Procuro escrever estes textos com alguma seriedade e julgo que poderão ser úteis a quem tenta identificar imagens religiosas.
Obrigado
Independentemente de o Luís, como diz o Manel, poder causar a felicidade de alguém que assim reconheça e identifique alguma imagem que possua, este post, como outros no género, são para mim, sempre um prazer encontrar.
ResponderEliminarAdoro ver as imagens e a forma como foram embelezadas e emolduradas; quanto aos textos, contam sempre histórias muito cativantes... e desafiam-me a ir fazer alguma pesquisa, neste caso sobre a Santa Brígida irlandesa.
Conhecia vagamente a existência de Santa Brígida – o nome Brigid ou Bridget é bastante comum na Irlanda - mas sou daquelas pessoas com escassa cultura religiosa, iconográfica ou hagiográfica (mal conhecia uma , quanto mais três!) e por isso hesito sempre em comentar logo, quando não venho acrescentar informação, apenas dizer que gostei muito, o que o Luís já sabe de antemão, estando-me sempre a repetir...
Neste caso, achei mais uma vez a pesquisa muito bem feita e com resultados muito concludentes, apostando eu também em que se trate da Santa Brígida sueca.
É que, para além do pormenor do toucado, por uma pesquisa rápida que fiz, constatei que a Santa Brígida irlandesa aparece com outros atributos: uma cruz muito original de quatro braços iguais tecida em palha, por vezes um bordão, por vezes chamas, raízes da mitologia céltica...
Mas esta representação portuguesa pode muito bem ser uma sobreposição das duas, como o Luís também sugere.
Enfim, fiquei a saber mais.
Continue a deliciar-nos com as suas pesquisas, Luís!
Beijos.
ResponderEliminarA Maria Andrade é muito simpática.

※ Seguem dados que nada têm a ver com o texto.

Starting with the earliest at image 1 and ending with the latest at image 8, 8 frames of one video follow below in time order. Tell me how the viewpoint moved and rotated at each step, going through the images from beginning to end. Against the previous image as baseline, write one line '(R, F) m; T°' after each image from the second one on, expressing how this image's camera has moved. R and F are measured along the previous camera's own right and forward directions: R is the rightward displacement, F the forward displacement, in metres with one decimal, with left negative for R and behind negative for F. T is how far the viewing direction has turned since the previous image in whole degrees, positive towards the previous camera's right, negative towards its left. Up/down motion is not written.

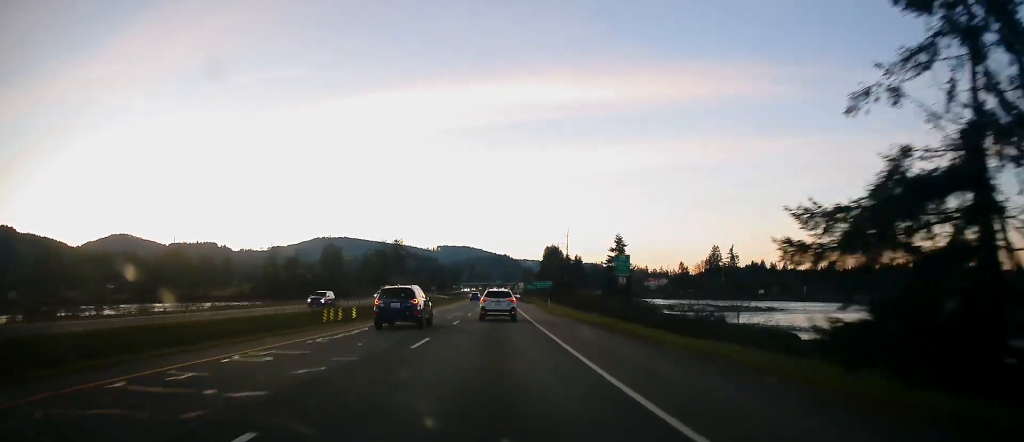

Sabe que no matriz net encontrei um registo, pertencente ao Museu dos Biscaínhos, com uma Santa Brígida vestida de freira e uma palma de mártir? É uma coisa perfeitamente insólita, pois as duas brígidas da Irlanda e da Suécia não foram mártires.
Julgo que há um fenómeno de contaminação de atributos, poderes e características entre santos com o mesmo nome, até a um ponto que a tradição os confunde completamente ou os transforma mesmo num só.